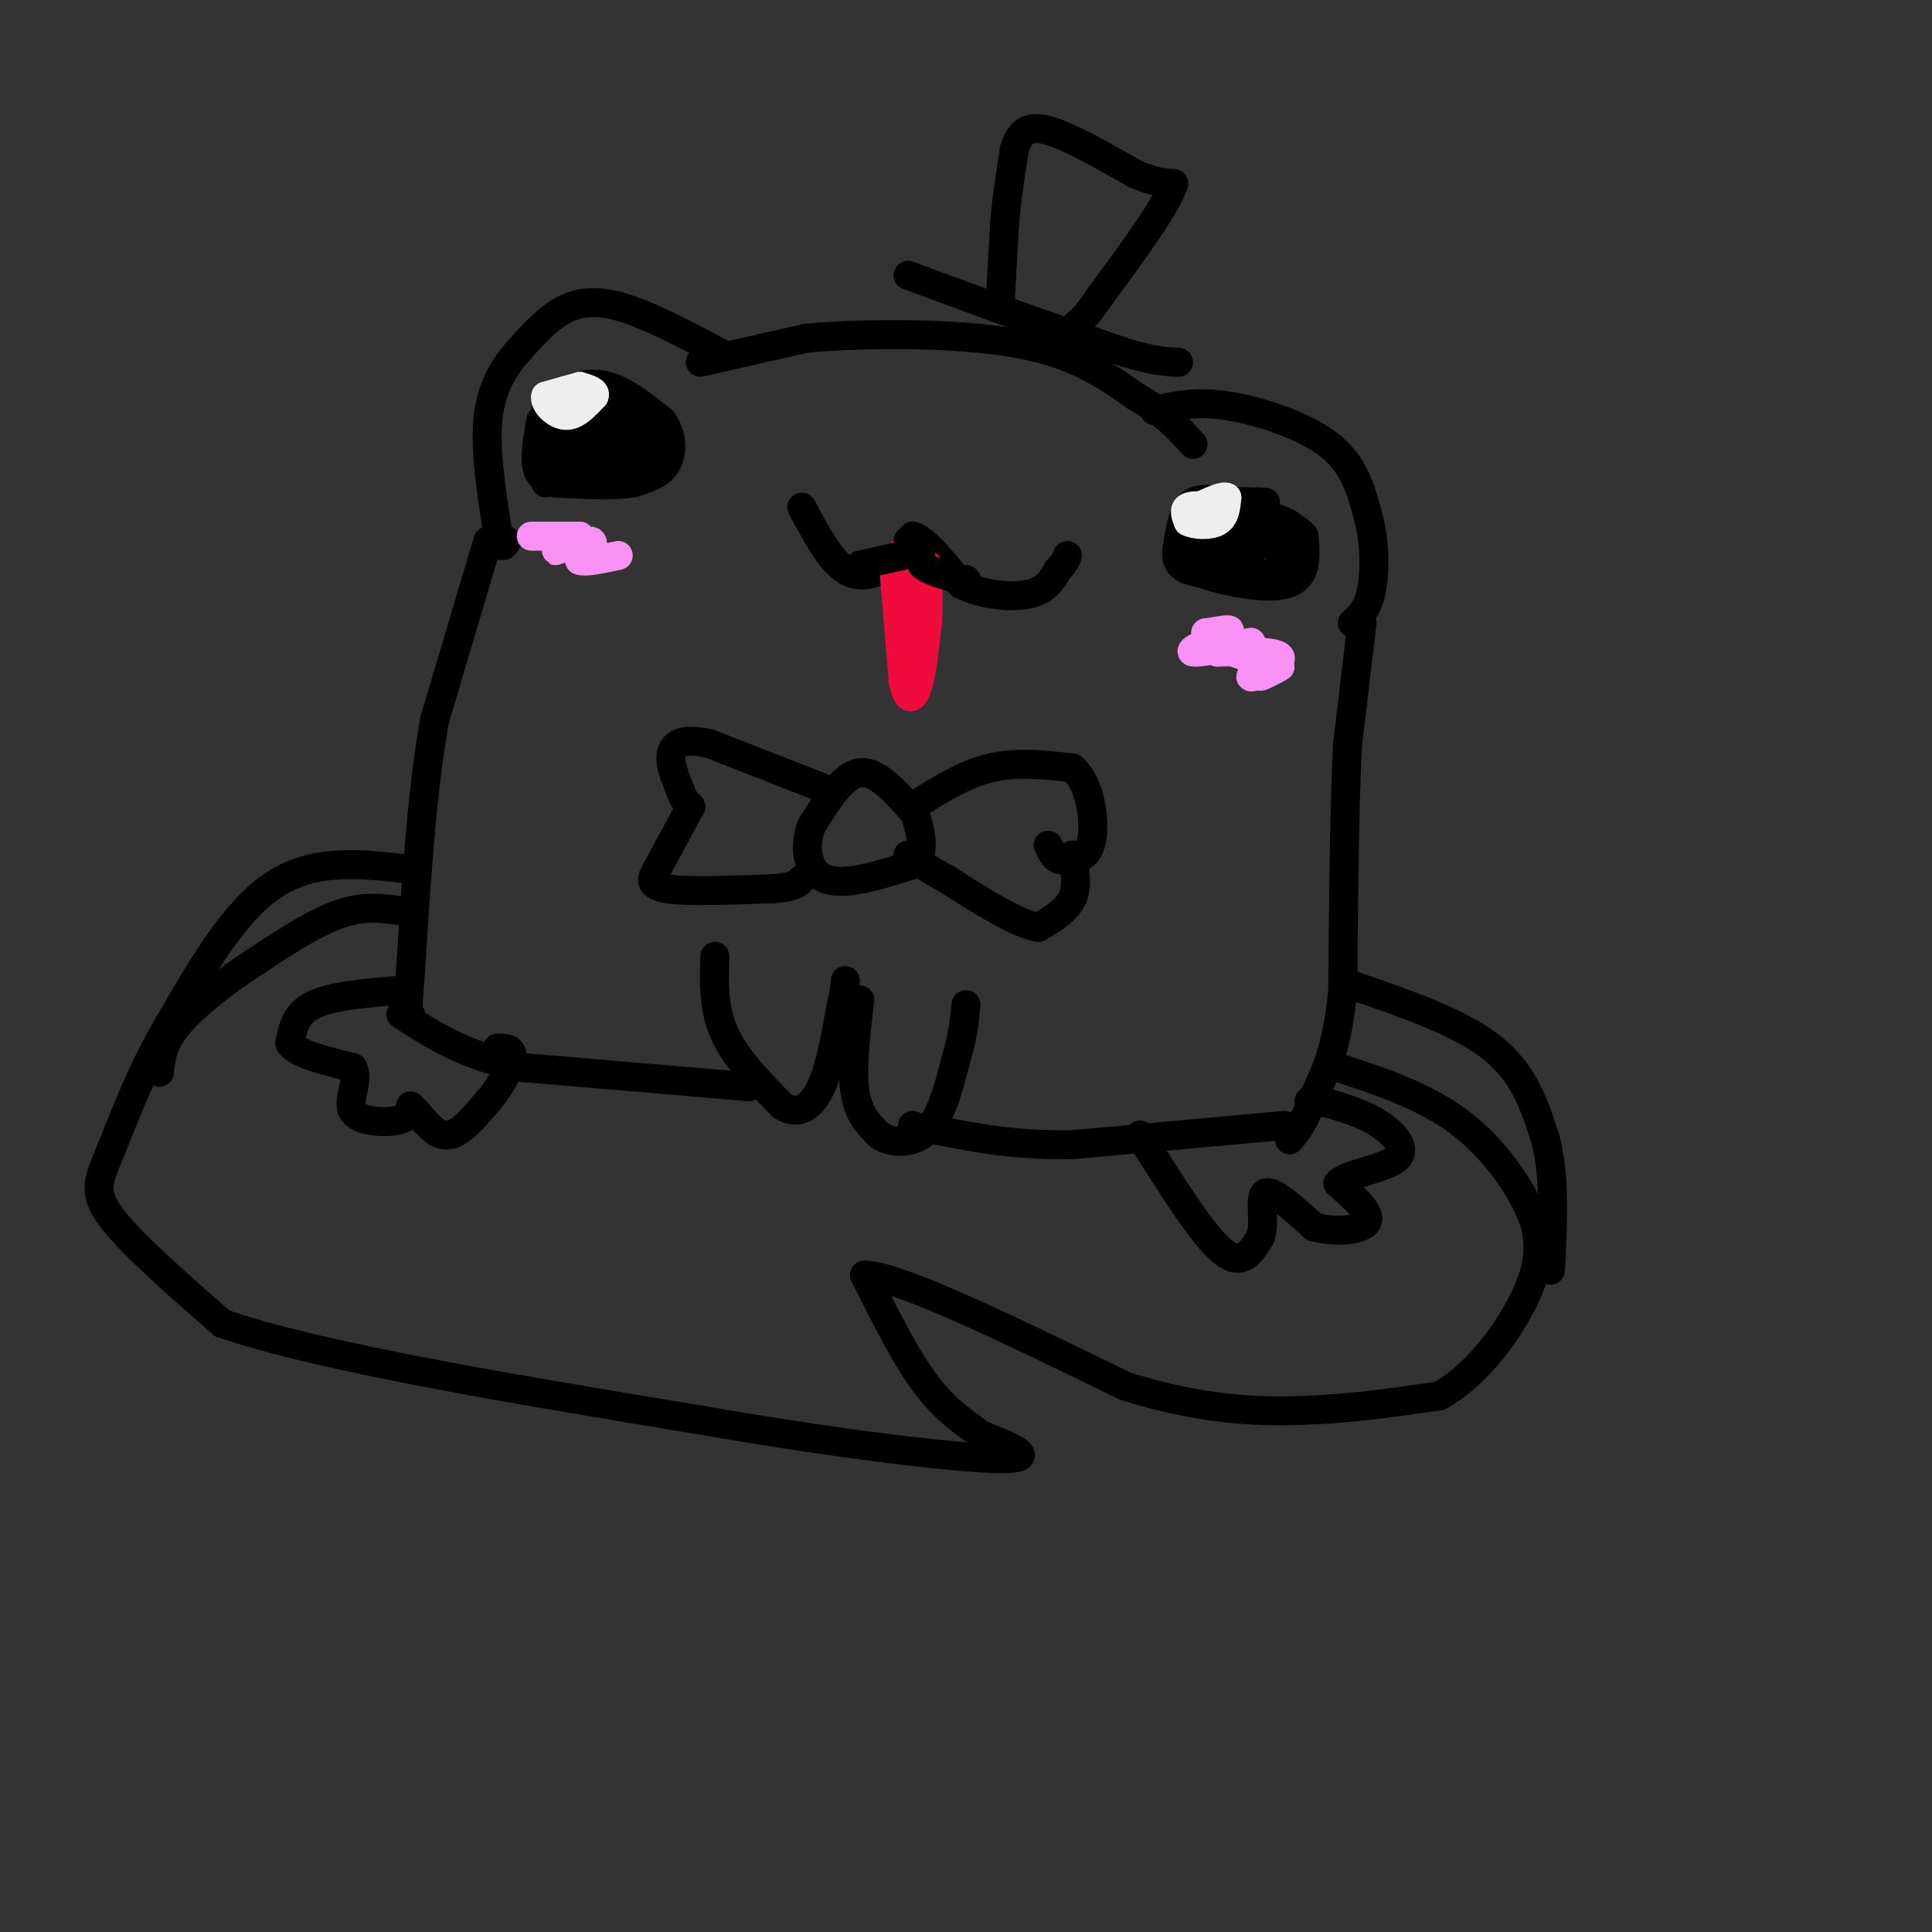 <svg viewBox='0 0 400 400' version='1.1' xmlns='http://www.w3.org/2000/svg' xmlns:xlink='http://www.w3.org/1999/xlink'><rect x="0" y="0" width="400" height="400" fill="#333333" stroke="none"/><g fill='none' stroke='#000000' stroke-width='6' stroke-linecap='round' stroke-linejoin='round'><path d='M145,75c0.000,0.000 22.000,-5.000 22,-5'/><path d='M167,70c11.867,-1.044 30.533,-1.156 43,1c12.467,2.156 18.733,6.578 25,11'/><path d='M235,82c6.167,3.500 9.083,6.750 12,10'/><path d='M239,85c4.178,-1.000 8.356,-2.000 15,-1c6.644,1.000 15.756,4.000 21,8c5.244,4.000 6.622,9.000 8,14'/><path d='M283,106c1.644,5.422 1.756,11.978 1,16c-0.756,4.022 -2.378,5.511 -4,7'/><path d='M149,73c-6.800,-3.600 -13.600,-7.200 -19,-9c-5.400,-1.800 -9.400,-1.800 -13,0c-3.600,1.800 -6.800,5.400 -10,9'/><path d='M107,73c-2.978,3.489 -5.422,7.711 -6,14c-0.578,6.289 0.711,14.644 2,23'/><path d='M103,110c0.667,4.167 1.333,3.083 2,2'/><path d='M113,100c-0.333,-5.917 -0.667,-11.833 0,-15c0.667,-3.167 2.333,-3.583 4,-4'/><path d='M117,81c2.133,-1.156 5.467,-2.044 9,-1c3.533,1.044 7.267,4.022 11,7'/><path d='M137,87c2.244,2.911 2.356,6.689 1,9c-1.356,2.311 -4.178,3.156 -7,4'/><path d='M131,100c-3.833,0.667 -9.917,0.333 -16,0'/><path d='M115,100c-3.422,-0.756 -3.978,-2.644 -4,-5c-0.022,-2.356 0.489,-5.178 1,-8'/><path d='M112,87c3.400,-1.289 11.400,-0.511 15,1c3.600,1.511 2.800,3.756 2,6'/><path d='M129,94c-2.369,1.964 -9.292,3.875 -12,2c-2.708,-1.875 -1.202,-7.536 0,-10c1.202,-2.464 2.101,-1.732 3,-1'/><path d='M120,85c4.333,0.644 13.667,2.756 16,5c2.333,2.244 -2.333,4.622 -7,7'/><path d='M129,97c-3.348,1.418 -8.217,1.463 -11,0c-2.783,-1.463 -3.480,-4.432 -1,-6c2.480,-1.568 8.137,-1.734 10,-1c1.863,0.734 -0.069,2.367 -2,4'/><path d='M125,94c-0.933,-2.356 -2.267,-10.244 -3,-11c-0.733,-0.756 -0.867,5.622 -1,12'/><path d='M121,95c2.644,2.044 9.756,1.156 12,0c2.244,-1.156 -0.378,-2.578 -3,-4'/><path d='M262,104c-4.867,-0.222 -9.733,-0.444 -13,1c-3.267,1.444 -4.933,4.556 -5,7c-0.067,2.444 1.467,4.222 3,6'/><path d='M247,118c4.511,2.044 14.289,4.156 19,3c4.711,-1.156 4.356,-5.578 4,-10'/><path d='M270,111c-2.548,-3.107 -10.917,-5.875 -16,-7c-5.083,-1.125 -6.881,-0.607 -8,1c-1.119,1.607 -1.560,4.304 -2,7'/><path d='M244,112c-0.566,2.376 -0.980,4.816 2,6c2.980,1.184 9.356,1.111 13,1c3.644,-0.111 4.558,-0.261 6,-2c1.442,-1.739 3.412,-5.068 3,-7c-0.412,-1.932 -3.206,-2.466 -6,-3'/><path d='M262,107c-3.233,-0.832 -8.317,-1.411 -11,0c-2.683,1.411 -2.967,4.811 -2,7c0.967,2.189 3.183,3.166 6,2c2.817,-1.166 6.233,-4.476 5,-6c-1.233,-1.524 -7.117,-1.262 -13,-1'/><path d='M247,109c-2.011,1.431 -0.539,5.507 4,6c4.539,0.493 12.145,-2.598 12,-4c-0.145,-1.402 -8.041,-1.115 -10,-1c-1.959,0.115 2.021,0.057 6,0'/><path d='M259,110c1.000,-0.167 0.500,-0.583 0,-1'/><path d='M166,105c2.911,5.467 5.822,10.933 9,13c3.178,2.067 6.622,0.733 9,-1c2.378,-1.733 3.689,-3.867 5,-6'/><path d='M189,111c2.500,0.667 6.250,5.333 10,10'/><path d='M199,121c4.400,2.222 10.400,2.778 14,2c3.600,-0.778 4.800,-2.889 6,-5'/><path d='M219,118c1.333,-1.333 1.667,-2.167 2,-3'/><path d='M101,112c0.000,0.000 -11.000,37.000 -11,37'/><path d='M90,149c-2.667,14.833 -3.833,33.417 -5,52'/><path d='M85,201c-0.833,10.167 -0.417,9.583 0,9'/><path d='M282,129c0.000,0.000 -3.000,25.000 -3,25'/><path d='M279,154c-0.667,12.667 -0.833,31.833 -1,51'/><path d='M278,205c-1.167,12.167 -3.583,17.083 -6,22'/><path d='M272,227c-1.833,5.167 -3.417,7.083 -5,9'/><path d='M148,198c-0.167,5.417 -0.333,10.833 2,16c2.333,5.167 7.167,10.083 12,15'/><path d='M162,229c3.467,2.156 6.133,0.044 8,-4c1.867,-4.044 2.933,-10.022 4,-16'/><path d='M174,209c0.833,-3.667 0.917,-4.833 1,-6'/><path d='M178,207c-0.833,7.167 -1.667,14.333 -1,19c0.667,4.667 2.833,6.833 5,9'/><path d='M182,235c2.733,1.844 7.067,1.956 10,-1c2.933,-2.956 4.467,-8.978 6,-15'/><path d='M198,219c1.333,-4.333 1.667,-7.667 2,-11'/><path d='M266,233c0.000,0.000 -44.000,4.000 -44,4'/><path d='M222,237c-12.000,0.167 -20.000,-1.417 -28,-3'/><path d='M194,234c-5.500,-0.667 -5.250,-0.833 -5,-1'/><path d='M155,225c0.000,0.000 -47.000,-4.000 -47,-4'/><path d='M108,221c-12.000,-2.500 -18.500,-6.750 -25,-11'/><path d='M83,205c-7.083,0.583 -14.167,1.167 -18,3c-3.833,1.833 -4.417,4.917 -5,8'/><path d='M60,216c1.333,2.167 7.167,3.583 13,5'/><path d='M73,221c1.512,2.655 -1.208,6.792 0,9c1.208,2.208 6.345,2.488 9,2c2.655,-0.488 2.827,-1.744 3,-3'/><path d='M85,229c1.622,1.178 4.178,5.622 7,6c2.822,0.378 5.911,-3.311 9,-7'/><path d='M101,228c2.644,-3.000 4.756,-7.000 5,-9c0.244,-2.000 -1.378,-2.000 -3,-2'/><path d='M236,235c6.417,10.250 12.833,20.500 17,24c4.167,3.500 6.083,0.250 8,-3'/><path d='M261,256c1.022,-2.778 -0.422,-8.222 1,-9c1.422,-0.778 5.711,3.111 10,7'/><path d='M272,254c4.267,1.222 9.933,0.778 11,-1c1.067,-1.778 -2.467,-4.889 -6,-8'/><path d='M277,245c1.857,-2.000 9.500,-3.000 12,-5c2.500,-2.000 -0.143,-5.000 -3,-7c-2.857,-2.000 -5.929,-3.000 -9,-4'/><path d='M277,229c-2.500,-0.833 -4.250,-0.917 -6,-1'/></g>
<g fill='none' stroke='#F990F4' stroke-width='6' stroke-linecap='round' stroke-linejoin='round'><path d='M250,133c0.000,0.000 8.000,3.000 8,3'/><path d='M258,136c2.964,0.202 6.375,-0.792 6,0c-0.375,0.792 -4.536,3.369 -5,4c-0.464,0.631 2.768,-0.685 6,-2'/><path d='M265,138c-0.369,0.369 -4.292,2.292 -4,2c0.292,-0.292 4.798,-2.798 4,-4c-0.798,-1.202 -6.899,-1.101 -13,-1'/><path d='M252,135c0.426,-0.793 7.990,-2.274 7,-2c-0.990,0.274 -10.536,2.305 -12,2c-1.464,-0.305 5.153,-2.944 7,-4c1.847,-1.056 -1.077,-0.528 -4,0'/><path d='M250,131c-0.667,0.000 -0.333,0.000 0,0'/><path d='M110,111c0.000,0.000 10.000,0.000 10,0'/><path d='M120,111c-0.024,0.845 -5.083,2.958 -5,3c0.083,0.042 5.310,-1.988 7,-2c1.690,-0.012 -0.155,1.994 -2,4'/><path d='M120,116c1.000,0.500 4.500,-0.250 8,-1'/></g>
<g fill='none' stroke='#EEEEEE' stroke-width='6' stroke-linecap='round' stroke-linejoin='round'><path d='M250,106c0.000,0.000 0.100,0.100 0.1,0.1'/><path d='M252,105c-2.500,-0.250 -5.000,-0.500 -6,0c-1.000,0.500 -0.500,1.750 0,3'/><path d='M246,108c1.244,0.689 4.356,0.911 6,0c1.644,-0.911 1.822,-2.956 2,-5'/><path d='M254,103c-0.667,-0.500 -3.333,0.750 -6,2'/><path d='M120,80c0.000,0.000 -7.000,2.000 -7,2'/><path d='M113,82c-0.467,1.378 1.867,3.822 4,4c2.133,0.178 4.067,-1.911 6,-4'/><path d='M123,82c0.500,-1.000 -1.250,-1.500 -3,-2'/></g>
<g fill='none' stroke='#F00B3D' stroke-width='6' stroke-linecap='round' stroke-linejoin='round'><path d='M185,117c0.000,0.000 2.000,24.000 2,24'/><path d='M187,141c0.889,4.533 2.111,3.867 3,1c0.889,-2.867 1.444,-7.933 2,-13'/><path d='M192,129c0.333,-4.000 0.167,-7.500 0,-11'/><path d='M192,118c0.000,-1.833 0.000,-0.917 0,0'/><path d='M187,114c0.000,0.000 4.000,14.000 4,14'/></g>
<g fill='none' stroke='#000000' stroke-width='6' stroke-linecap='round' stroke-linejoin='round'><path d='M178,117c0.000,0.000 9.000,-2.000 9,-2'/><path d='M187,115c1.667,-0.833 1.333,-1.917 1,-3'/><path d='M190,112c0.000,0.000 1.000,5.000 1,5'/><path d='M191,117c1.500,1.333 4.750,2.167 8,3'/><path d='M199,120c1.500,0.500 1.250,0.250 1,0'/><path d='M188,57c0.000,0.000 19.000,7.000 19,7'/><path d='M207,64c7.500,2.667 16.750,5.833 26,9'/><path d='M233,73c6.167,1.833 8.583,1.917 11,2'/><path d='M207,64c0.000,0.000 1.000,-18.000 1,-18'/><path d='M208,46c0.500,-5.500 1.250,-10.250 2,-15'/><path d='M210,31c1.067,-3.622 2.733,-5.178 7,-4c4.267,1.178 11.133,5.089 18,9'/><path d='M235,36c4.333,1.833 6.167,1.917 8,2'/><path d='M243,38c-1.167,4.167 -8.083,13.583 -15,23'/><path d='M228,61c-3.333,4.833 -4.167,5.417 -5,6'/><path d='M189,168c-3.750,-4.250 -7.500,-8.500 -11,-8c-3.500,0.500 -6.750,5.750 -10,11'/><path d='M168,171c-1.689,4.289 -0.911,9.511 3,11c3.911,1.489 10.956,-0.756 18,-3'/><path d='M189,179c3.000,-2.500 1.500,-7.250 0,-12'/><path d='M189,167c5.250,-3.333 10.500,-6.667 16,-8c5.500,-1.333 11.250,-0.667 17,0'/><path d='M222,159c3.800,3.156 4.800,11.044 4,15c-0.800,3.956 -3.400,3.978 -6,4'/><path d='M220,178c-1.500,0.167 -2.250,-1.417 -3,-3'/><path d='M222,177c0.583,3.250 1.167,6.500 0,9c-1.167,2.500 -4.083,4.250 -7,6'/><path d='M215,192c-4.333,-0.667 -11.667,-5.333 -19,-10'/><path d='M196,182c-4.500,-2.500 -6.250,-3.750 -8,-5'/><path d='M170,163c0.000,0.000 -23.000,-9.000 -23,-9'/><path d='M147,154c-5.444,-1.311 -7.556,-0.089 -8,2c-0.444,2.089 0.778,5.044 2,8'/><path d='M141,164c0.667,1.833 1.333,2.417 2,3'/><path d='M143,167c0.000,0.000 -7.000,13.000 -7,13'/><path d='M136,180c-1.000,1.667 -2.000,3.333 2,4c4.000,0.667 13.000,0.333 22,0'/><path d='M160,184c4.667,-0.333 5.333,-1.167 6,-2'/><path d='M85,180c-9.833,-1.167 -19.667,-2.333 -28,3c-8.333,5.333 -15.167,17.167 -22,29'/><path d='M35,212c-5.845,9.798 -9.458,19.792 -12,26c-2.542,6.208 -4.012,8.631 0,14c4.012,5.369 13.506,13.685 23,22'/><path d='M46,274c20.333,7.000 59.667,13.500 99,20'/><path d='M145,294c29.356,5.111 53.244,7.889 62,8c8.756,0.111 2.378,-2.444 -4,-5'/><path d='M203,297c-2.489,-1.978 -6.711,-4.422 -11,-10c-4.289,-5.578 -8.644,-14.289 -13,-23'/><path d='M179,264c6.833,0.000 30.417,11.500 54,23'/><path d='M233,287c15.378,4.822 26.822,5.378 37,5c10.178,-0.378 19.089,-1.689 28,-3'/><path d='M298,289c8.267,-4.511 14.933,-14.289 18,-21c3.067,-6.711 2.533,-10.356 2,-14'/><path d='M318,254c-1.867,-6.311 -7.533,-15.089 -15,-21c-7.467,-5.911 -16.733,-8.956 -26,-12'/><path d='M280,204c11.167,3.833 22.333,7.667 29,13c6.667,5.333 8.833,12.167 11,19'/><path d='M320,236c2.000,7.667 1.500,17.333 1,27'/><path d='M85,189c-4.333,-0.833 -8.667,-1.667 -14,0c-5.333,1.667 -11.667,5.833 -18,10'/><path d='M53,199c-6.178,4.000 -12.622,9.000 -16,13c-3.378,4.000 -3.689,7.000 -4,10'/></g>
</svg>
────────
Restate word for word the entries above, starting at the line with "<g fill='none' stroke='#F990F4'" and ending at the line with "<g fill='none' stroke='#F00B3D'", inclusive, and no others.

# Answer box:
<g fill='none' stroke='#F990F4' stroke-width='6' stroke-linecap='round' stroke-linejoin='round'><path d='M250,133c0.000,0.000 8.000,3.000 8,3'/><path d='M258,136c2.964,0.202 6.375,-0.792 6,0c-0.375,0.792 -4.536,3.369 -5,4c-0.464,0.631 2.768,-0.685 6,-2'/><path d='M265,138c-0.369,0.369 -4.292,2.292 -4,2c0.292,-0.292 4.798,-2.798 4,-4c-0.798,-1.202 -6.899,-1.101 -13,-1'/><path d='M252,135c0.426,-0.793 7.990,-2.274 7,-2c-0.990,0.274 -10.536,2.305 -12,2c-1.464,-0.305 5.153,-2.944 7,-4c1.847,-1.056 -1.077,-0.528 -4,0'/><path d='M250,131c-0.667,0.000 -0.333,0.000 0,0'/><path d='M110,111c0.000,0.000 10.000,0.000 10,0'/><path d='M120,111c-0.024,0.845 -5.083,2.958 -5,3c0.083,0.042 5.310,-1.988 7,-2c1.690,-0.012 -0.155,1.994 -2,4'/><path d='M120,116c1.000,0.500 4.500,-0.250 8,-1'/></g>
<g fill='none' stroke='#EEEEEE' stroke-width='6' stroke-linecap='round' stroke-linejoin='round'><path d='M250,106c0.000,0.000 0.100,0.100 0.1,0.1'/><path d='M252,105c-2.500,-0.250 -5.000,-0.500 -6,0c-1.000,0.500 -0.500,1.750 0,3'/><path d='M246,108c1.244,0.689 4.356,0.911 6,0c1.644,-0.911 1.822,-2.956 2,-5'/><path d='M254,103c-0.667,-0.500 -3.333,0.750 -6,2'/><path d='M120,80c0.000,0.000 -7.000,2.000 -7,2'/><path d='M113,82c-0.467,1.378 1.867,3.822 4,4c2.133,0.178 4.067,-1.911 6,-4'/><path d='M123,82c0.500,-1.000 -1.250,-1.500 -3,-2'/></g>
<g fill='none' stroke='#F00B3D' stroke-width='6' stroke-linecap='round' stroke-linejoin='round'><path d='M185,117c0.000,0.000 2.000,24.000 2,24'/><path d='M187,141c0.889,4.533 2.111,3.867 3,1c0.889,-2.867 1.444,-7.933 2,-13'/><path d='M192,129c0.333,-4.000 0.167,-7.500 0,-11'/><path d='M192,118c0.000,-1.833 0.000,-0.917 0,0'/><path d='M187,114c0.000,0.000 4.000,14.000 4,14'/></g>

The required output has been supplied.